Wednesday, December 03, 2008

Nobel Laureate: Eric Kandel

 

The Nobel Prize in Physiology or Medicine 2000.
"for their discoveries concerning signal transduction in the nervous system"


Eric R. Kandel (1929 - ) won the Noble Prize in 2000 for his work on understanding the biochemistry of memory. He discovered that short term memory in the sea slug Aplysia depended on the phosphorylation and dephosphorylation of proteins and that the regulation of these covalent modifications was under the control cyclic AMP mediated signal transduction pathways.

Kandel shared the prize with Arvid Carlsson and Paul Greengard.

Here's what the press release says about Kandel's work

THEME:
Nobel Laureates
Eric Kandel

Sea slug, a model system for learning
A phosphorylation of proteins has great importance also for the discoveries for which Eric Kandel is rewarded, that is for revealing molecular mechanisms, important for the formation of memories. Eric Kandel started to study learning and memory in mammals, but realized that the conditions were too complex to provide an understanding of basic memory processes. He therefore decided to investigate a simpler experimental model, the nervous system of a sea slug, Aplysia. It has comparatively few nerve cells (around 20.000), many of which are rather large. It has a simple protective reflex that protects the gills, which can be utilized to study basic learning mechanisms.

Eric Kandel found that certain types of stimuli resulted in an amplification of the protective reflex of the sea slug. This strengthening of the reflex could remain for days and weeks and was thus a form of learning. He could then show that learning was due to an amplification of the synapse that connects the sensory nerve cells to the nerve cells that activate the muscle groups that give rise to the protective reflex.
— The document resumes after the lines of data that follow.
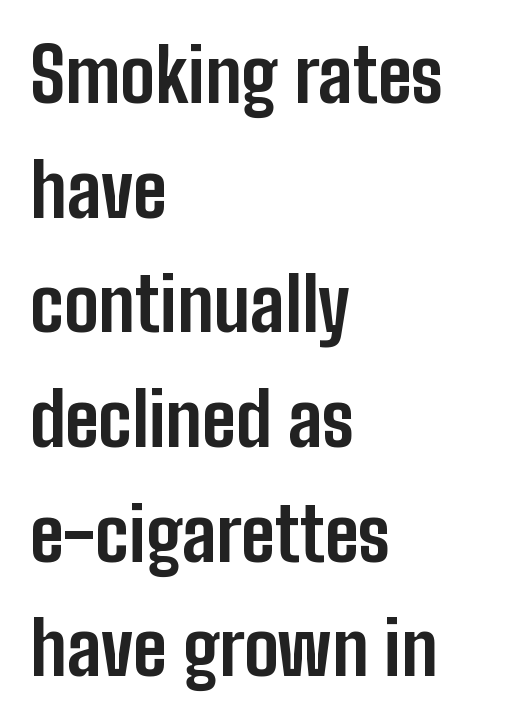
{"serif": "no", "italic": "no", "bold": "yes", "weight": "bold", "width": "condensed", "stroke_contrast": "low", "x_height": "medium", "monospaced": "no", "underline": "no", "align": "left", "line_spacing": "normal", "line_spacing_ratio": 1.55, "letter_spacing": "normal", "letter_spacing_em": 0.0, "glyph_px": 74}
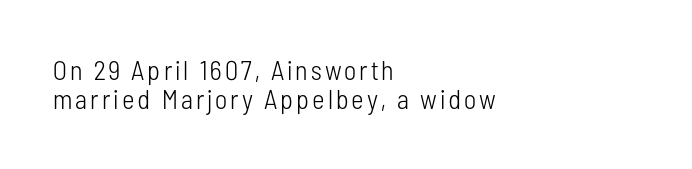
{"italic": "no", "bold": "no", "underline": "no", "align": "left", "line_spacing": "tight", "line_spacing_ratio": 1.08, "glyph_px": 27}
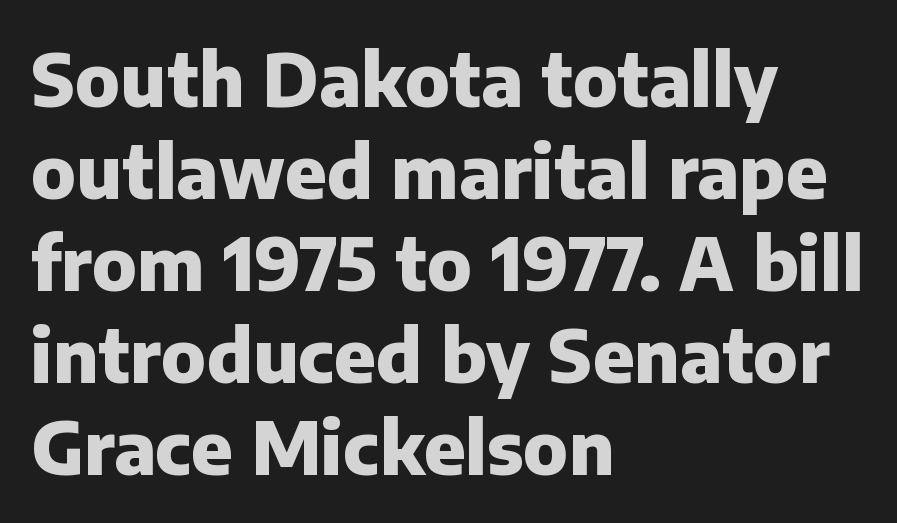
Compared with typical body copy, the letter spacing here is the same. Spacing verdict: proportional, widths tailored to each character. The space directly below the letters is spotless. The glyphs have the mass of a bold cut.
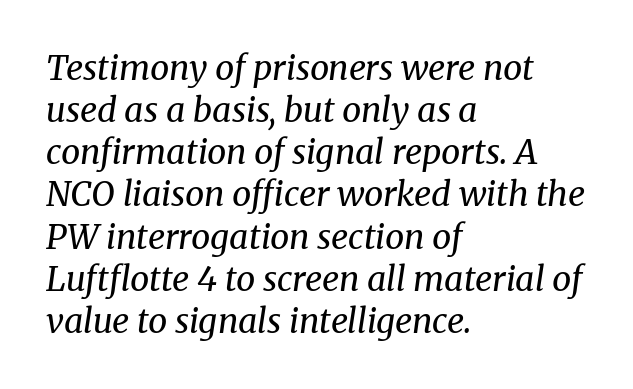
Each letter's strokes conclude with small projecting serifs. Slant detected: the letters are inclined. The paragraph has a hard left edge and a soft right edge. Stem width sits at or under what a default text font uses. Glyph-to-glyph distance matches everyday printed text.
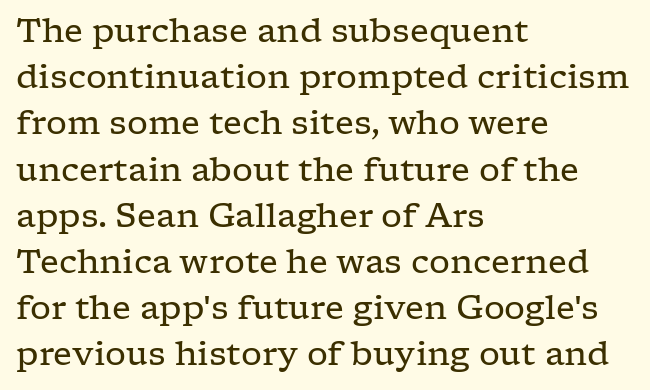
{"serif": "yes", "italic": "no", "bold": "no", "weight": "regular", "width": "wide", "stroke_contrast": "low", "x_height": "medium", "monospaced": "no", "underline": "no", "align": "left", "line_spacing": "normal", "line_spacing_ratio": 1.4, "letter_spacing": "normal", "letter_spacing_em": 0.0, "glyph_px": 33}
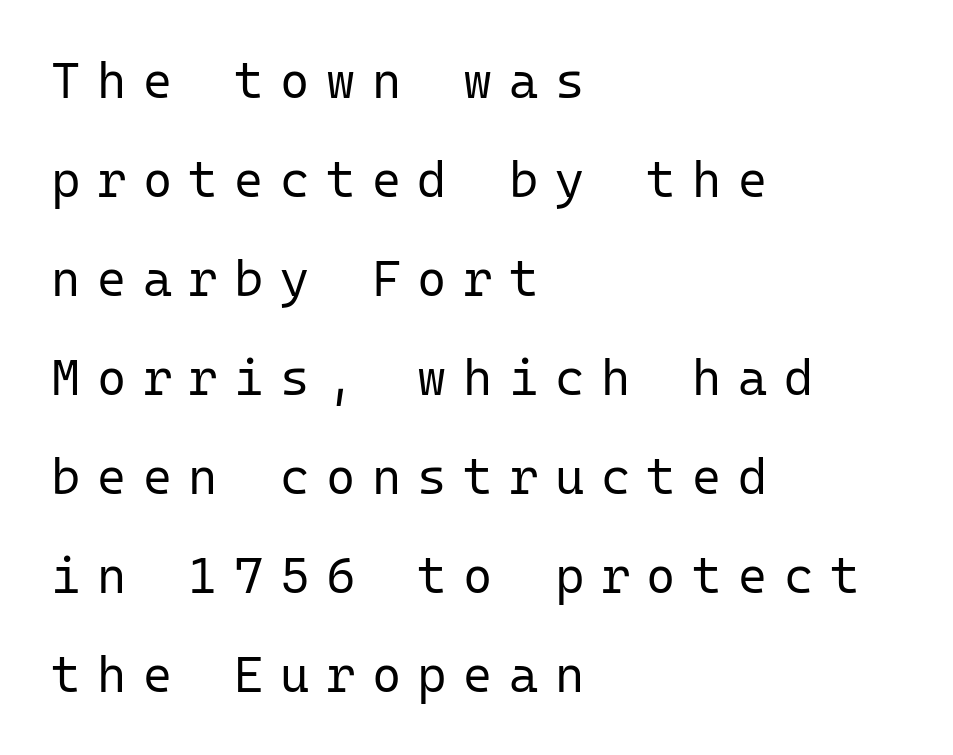
{"serif": "no", "italic": "no", "bold": "no", "weight": "regular", "width": "normal", "stroke_contrast": "low", "x_height": "medium", "monospaced": "yes", "underline": "no", "align": "left", "line_spacing": "loose", "line_spacing_ratio": 1.98, "letter_spacing": "wide", "letter_spacing_em": 0.33, "glyph_px": 50}
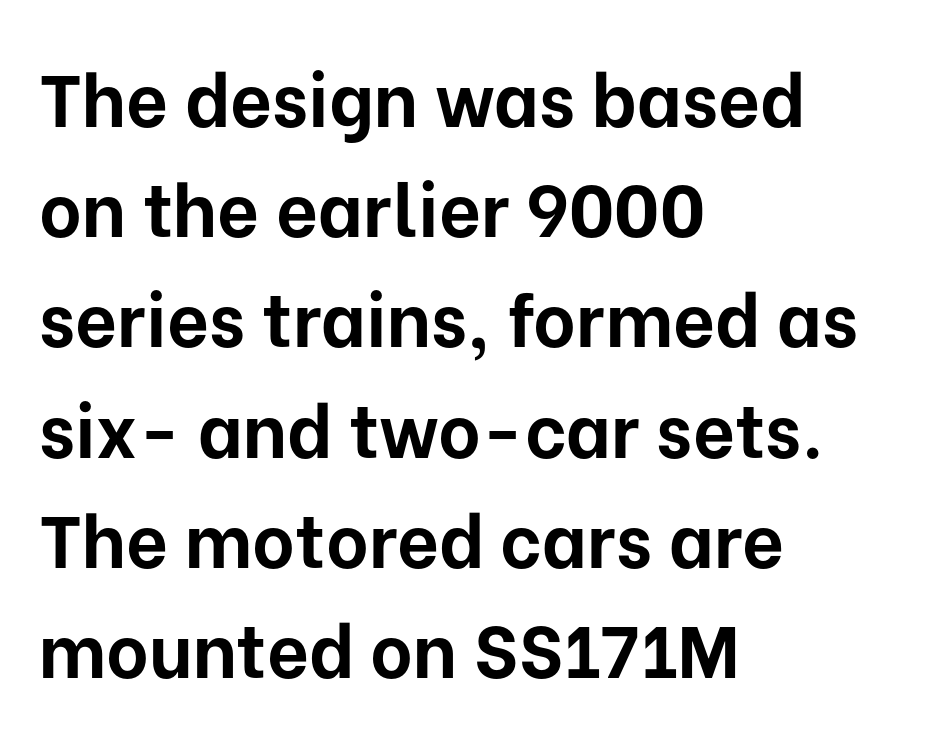
Q: Is the text bold? A: Yes.
Q: Is the text italic (slanted)? A: No, it is upright.
Q: Is the typeface a serif or a sans-serif typeface? A: Sans-serif.
Q: Is the text underlined? A: No.
Q: How is the paragraph aligned? A: Left-aligned.
Q: Is the spacing between letters normal or unusually wide? A: Normal.
Q: Is the spacing between lines tight, normal or loose? A: Normal.
Q: Width (condensed, normal, or wide)? A: Normal.
Q: Stroke contrast? A: Low.
Q: x-height? A: Medium.
Q: Monospaced? A: No.
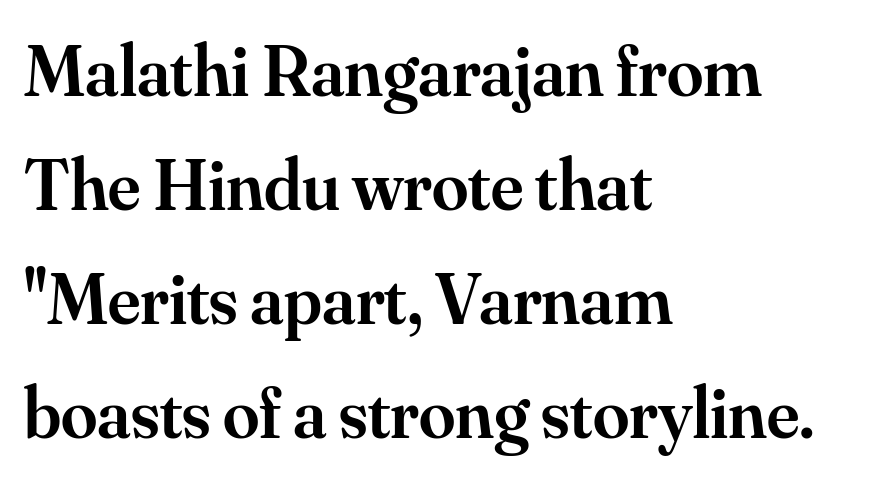
Typesetter's note: demi weight, one step under bold. Quick note: interline space is typical. Unmarked baselines from the first word to the last. This is roman type, the default non-slanted kind. These lines are rendered in a variable-pitch font. What kind of face is this? One with serifs.
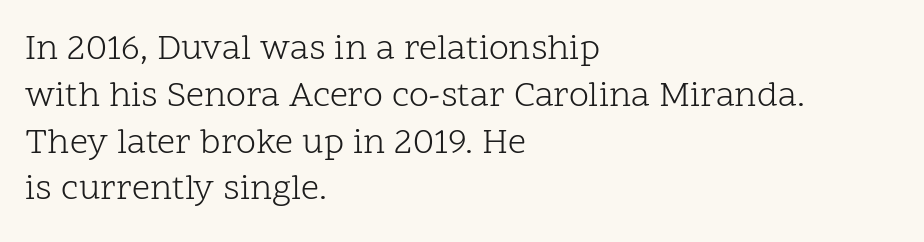
The image shows 36 px light serif type, upright; set left-aligned, normal line spacing (1.3x), normal letter spacing, not underlined; low stroke contrast and a medium x-height.
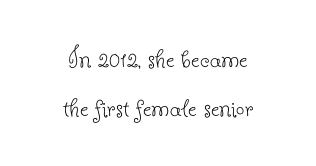
Q: Is the text bold? A: No.
Q: Is the text italic (slanted)? A: No, it is upright.
Q: Is the typeface a serif or a sans-serif typeface? A: Serif.
Q: Is the text underlined? A: No.
Q: How is the paragraph aligned? A: Centered.
Q: Is the spacing between letters normal or unusually wide? A: Normal.
Q: Is the spacing between lines tight, normal or loose? A: Normal.
Q: Width (condensed, normal, or wide)? A: Normal.
Q: Stroke contrast? A: Low.
Q: x-height? A: Small.
Q: Monospaced? A: No.
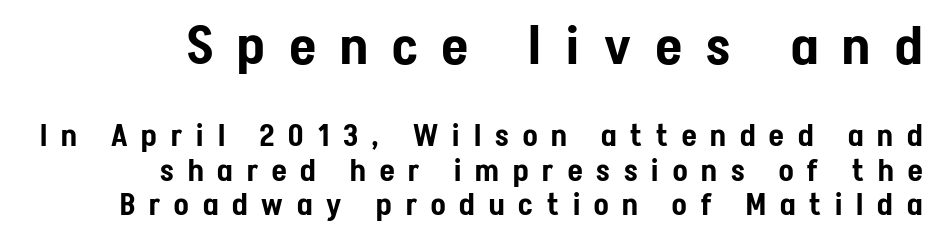
The image shows 53 px condensed sans-serif type, upright; set right-aligned, tight line spacing (1.15x), unusually wide letter spacing (+0.47 em), not underlined; the first (top) block is 1.77x larger; low stroke contrast and a medium x-height.
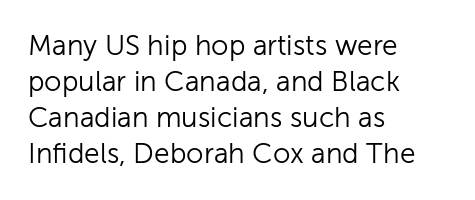
Q: Is the text bold? A: No.
Q: Is the text italic (slanted)? A: No, it is upright.
Q: Is the typeface a serif or a sans-serif typeface? A: Sans-serif.
Q: Is the text underlined? A: No.
Q: How is the paragraph aligned? A: Left-aligned.
Q: Is the spacing between letters normal or unusually wide? A: Normal.
Q: Is the spacing between lines tight, normal or loose? A: Normal.
Q: Width (condensed, normal, or wide)? A: Normal.
Q: Stroke contrast? A: Low.
Q: x-height? A: Medium.
Q: Monospaced? A: No.
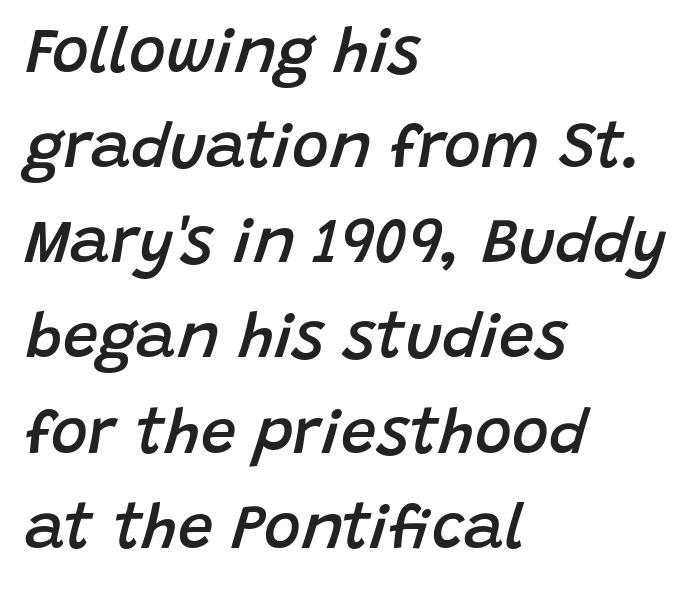
The axis of the letterforms is tilted away from vertical. The rendering anchors every line to the left-hand side. A bit beefed up — I'd call it semibold rather than bold. A typesetter would call this proportional, since set widths differ per character. Each new line begins a customary step beneath the previous one. The area under the type is left untouched.
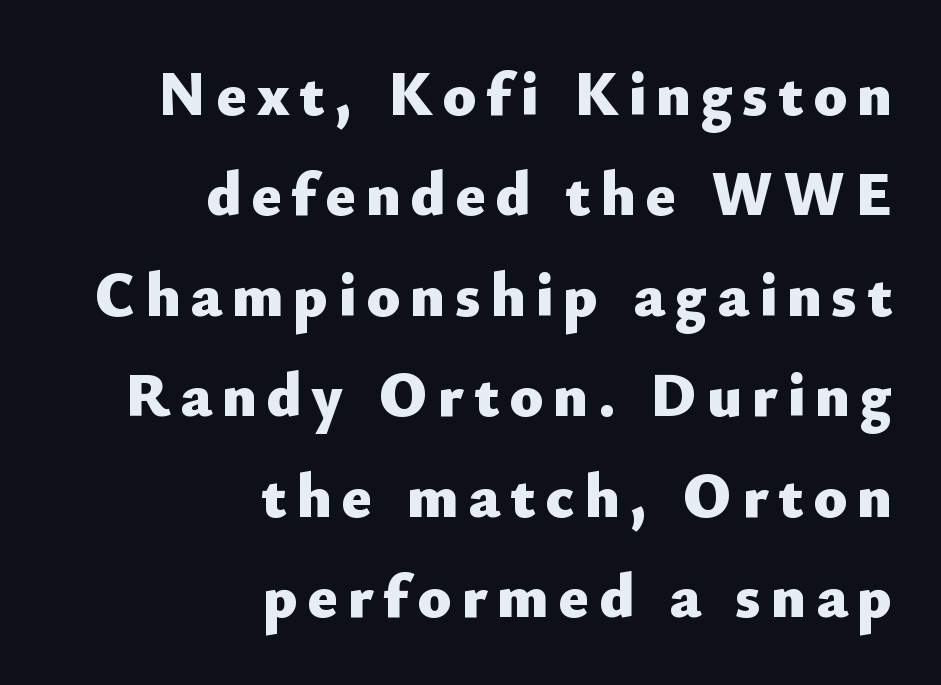
The image shows 62 px heavy sans-serif type, upright; set right-aligned, normal line spacing (1.62x), not underlined; low stroke contrast and a small x-height.
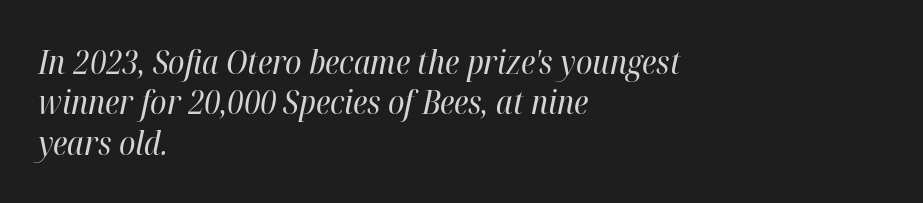
{"italic": "yes", "lean": "right", "slant_degrees": 12, "bold": "no", "weight": "regular", "width": "condensed", "stroke_contrast": "high", "x_height": "medium", "monospaced": "no", "underline": "no", "align": "left", "line_spacing_ratio": 1.22, "letter_spacing": "normal", "letter_spacing_em": 0.0, "glyph_px": 33}
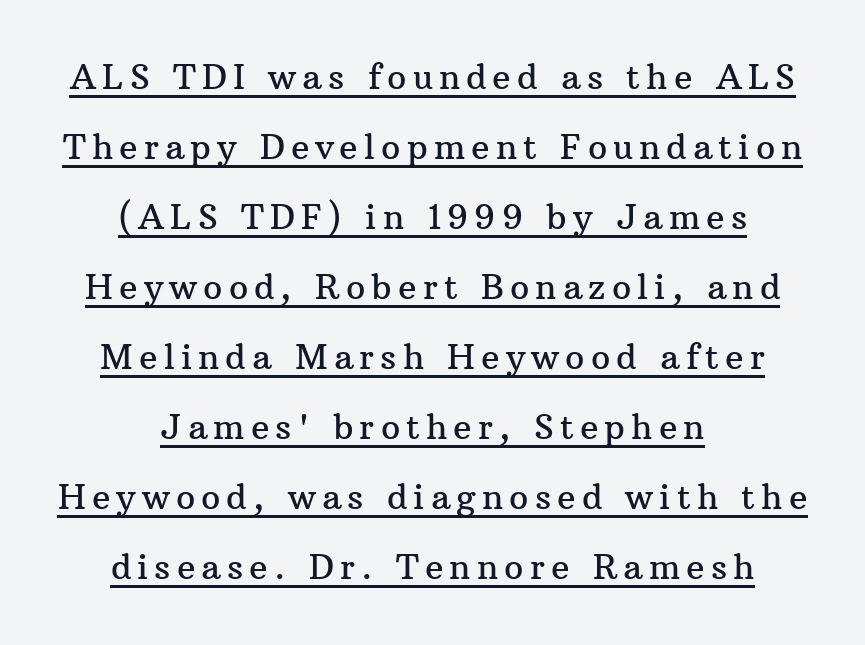
The image shows 34 px serif type, upright; set centered, loose line spacing (2.06x), underlined; medium stroke contrast and a medium x-height.

Short and long term memory
Eric Kandel showed initially that weaker stimuli give rise to a form of short term memory, which lasts from minutes to hours. The mechanism for this "short term memory" is that particular ion channels are affected in such a manner that more calcium ions will enter the nerve terminal. This leads to an increased amount of transmitter release at the synapse, and thereby to an amplification of the reflex. This change is due to a phosphorylation of certain ion channel proteins, that is utilizing the molecular mechanism described by Paul Greengard.

A more powerful and long lasting stimulus will result in a form of long term memory that can remain for weeks. The stronger stimulus will give rise to increased levels of the messenger molecule cAMP and thereby protein kinase A. These signals will reach the cell nucleus and cause a change in a number of proteins in the synapse. The formation of certain proteins will increase, while others will decrease. The final result is that the shape of the synapse can increase and thereby create a long lasting increase of synaptic function. In contrast to short term memory, long term memory requires that new proteins are formed. If this synthesis of new proteins is prevented, the long term memory will be blocked but not the short term memory.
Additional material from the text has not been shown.